Here are pictures of the beers I was sent:

And here are descriptions of the beers from each brewer’s website:

  • Ballast Porter 4.4%. Stonehouse Brewery, Weston, Shropshire. Smooth, velvety porter balanced with Guatemalan coffee and vanilla.
  • Victorian Ruby Mild 7.0%. Bottle conditioned. Ashover Brewery, Chesterfield, Derbyshire. A traditional strong mild brewed to a historic recipe. Brewed especially for International Women’s Collaboration Brew Day to promote the efforts of female brewers.
  • Wildcat Scottish Style Deep Amber 5.1%. Cairngorm Brewery, Scotland. A smooth, deep amber coloured beer with a complex malt, fruit and hop flavour.
  • Maggs Mild 3.5%. West BerkshireBrewery, Yattenden, Berks. A traditional rich, dark mild with big hitting biscuit malt flavours, a light earth hop aroma and a velvety smooth finish.
  • Stout Coffin Dark Ale 4.6%. Church End Brewery, Nuneaton, Warks. Black, chewy and creamy. A first class example of what a stout should be.
  • Mild Concussion 5.5%. Fixed Wheel Brewery, Blackheath, W. Midlands. Our house mild brewed with a plethora of specialty and high dried malts, big toffee and caramel flavour’s on a light malt base, big fruity finish, a beer with layers of flavour yet light and easy drinking, just watch your head with the older style abv.

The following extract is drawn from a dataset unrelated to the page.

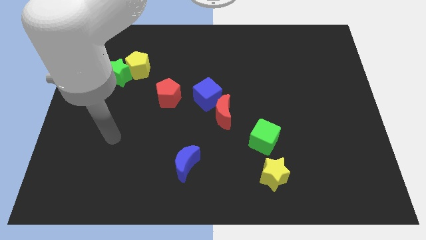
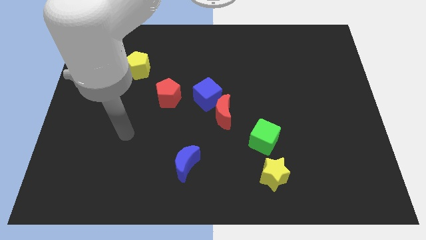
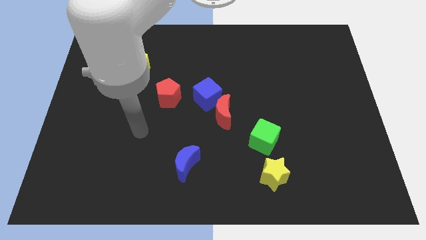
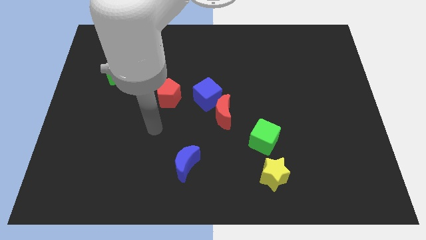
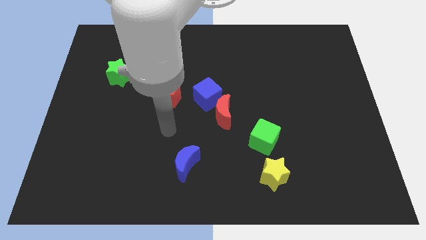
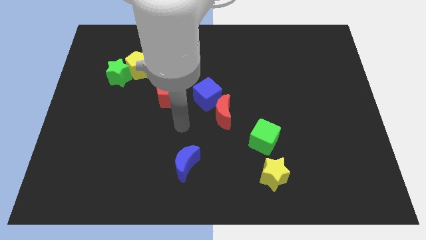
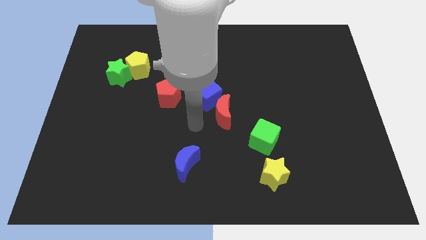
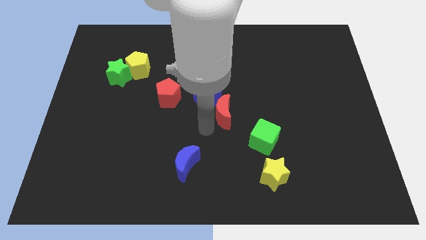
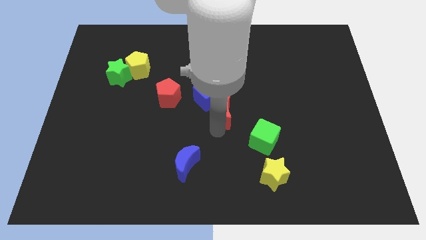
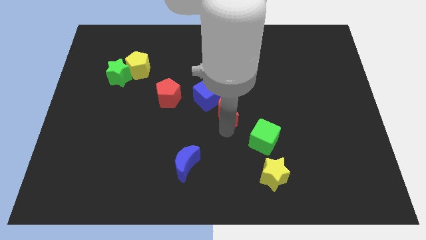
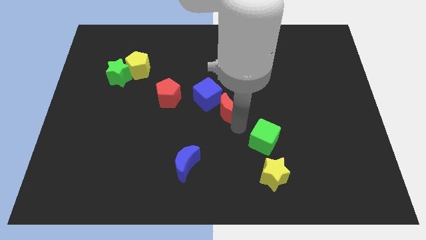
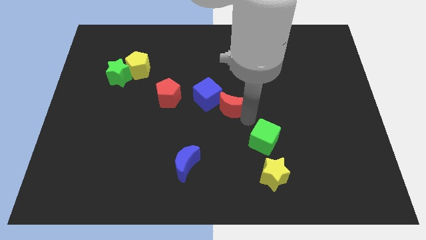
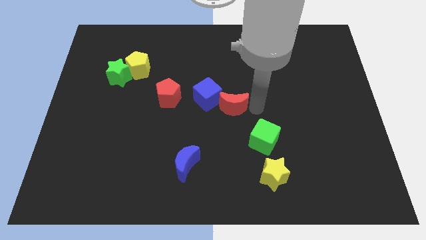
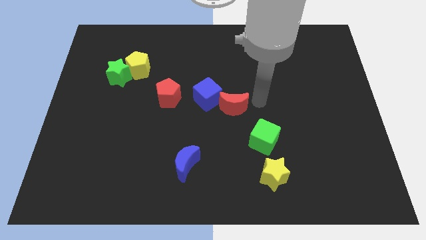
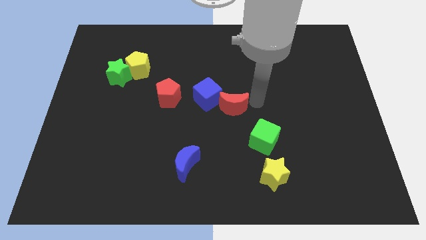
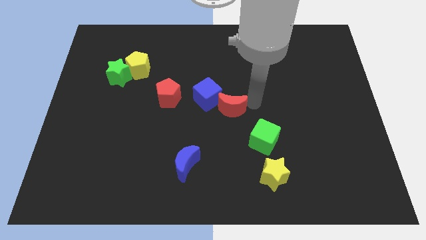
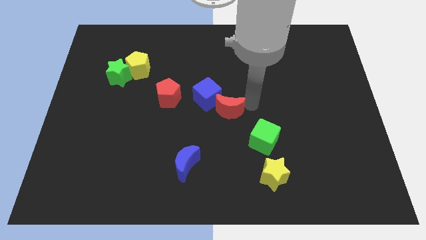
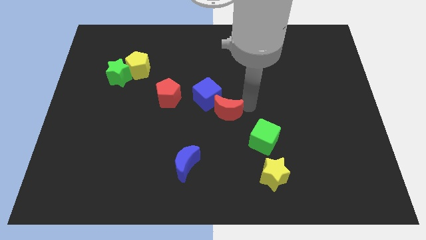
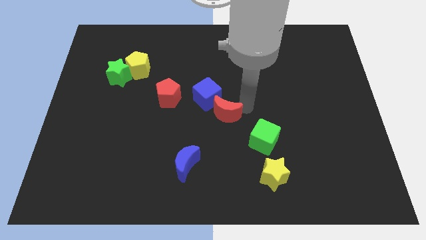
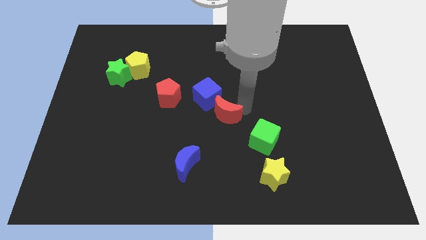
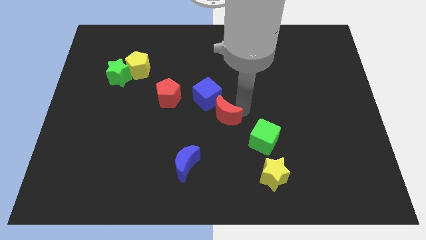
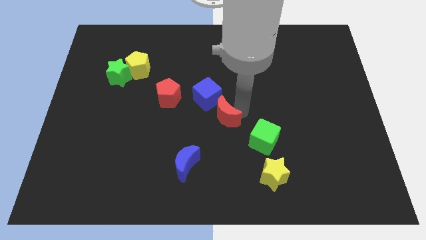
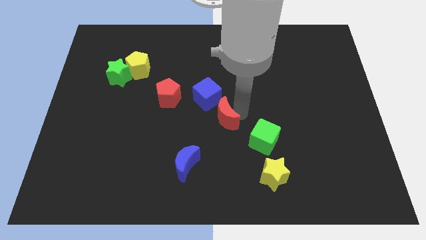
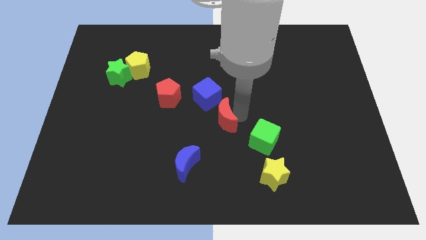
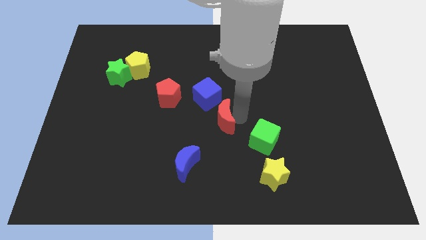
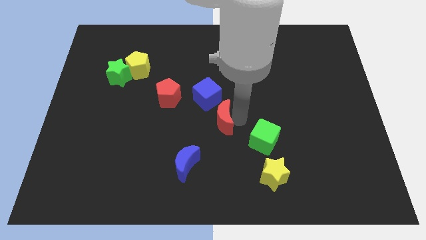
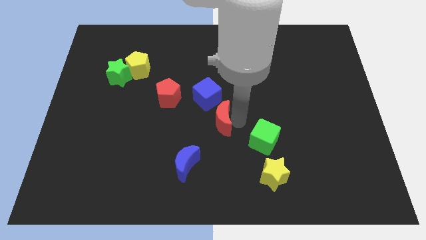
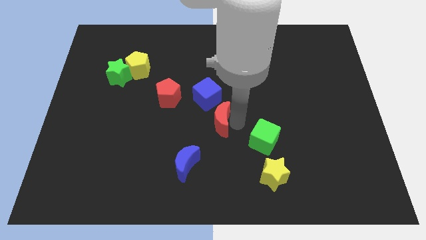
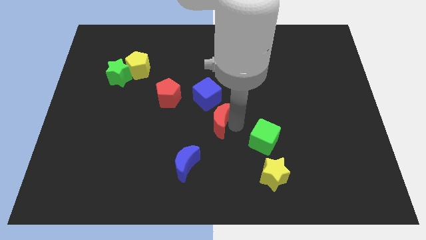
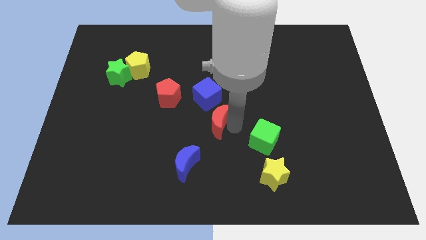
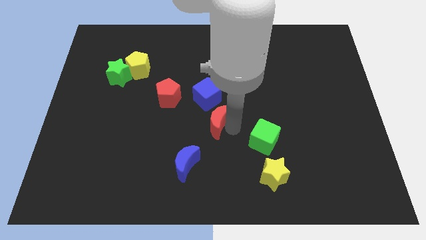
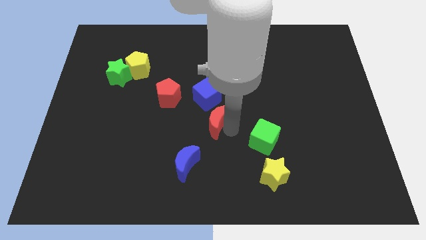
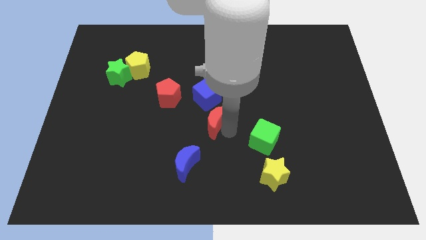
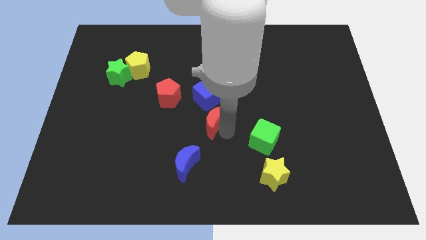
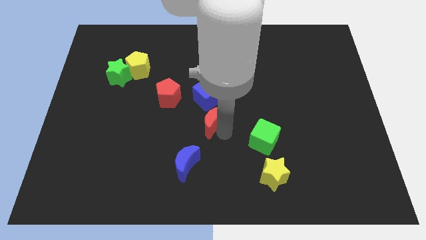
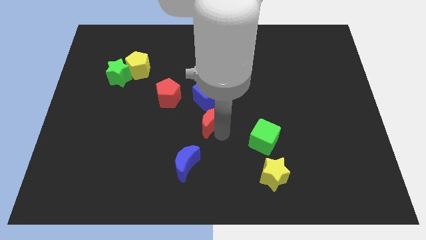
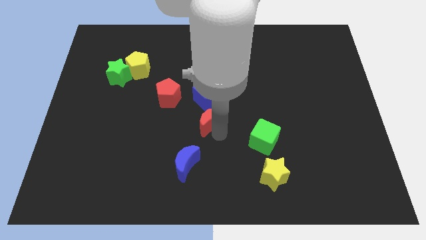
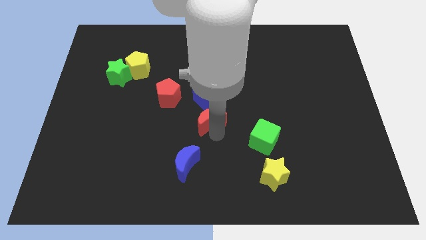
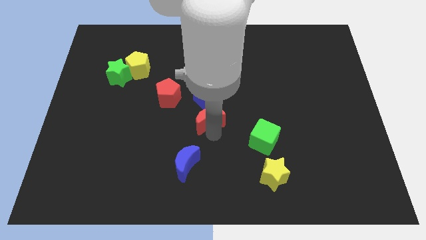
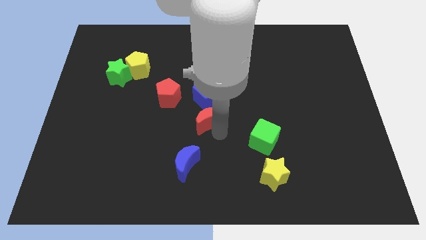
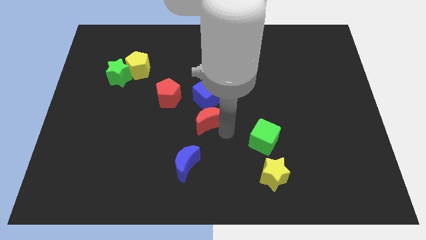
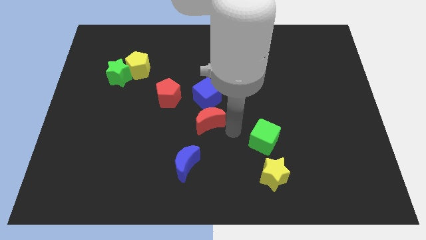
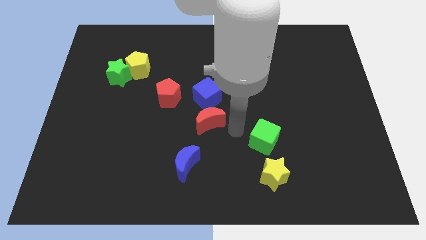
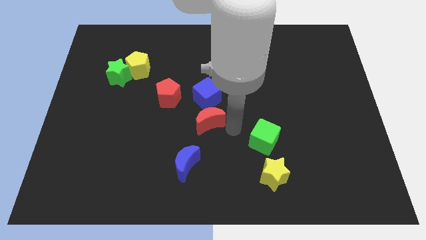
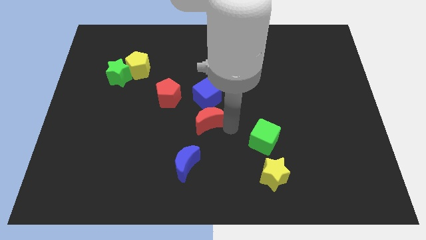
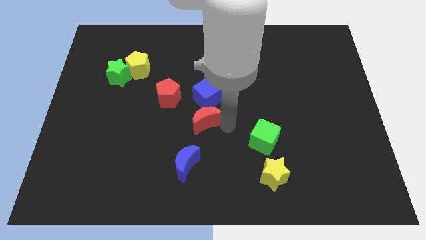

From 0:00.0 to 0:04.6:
slide the red moon to the bottom left side of the blue cube

Some really great beers in the selection and all fine words no doubt, but the truth will be in the tasting. I’m really looking forward to joining the tasting session and other festival sessions over the weekend. Hopefully, ‘virtual’ beer festivals will be temporary and not the ‘new norm’. With a bit of good fortune, real, live beer festivals will return by late summer. Not mixing with other beer drinkers and getting ‘virtually’ imbibed on my own just isn’t the same thing!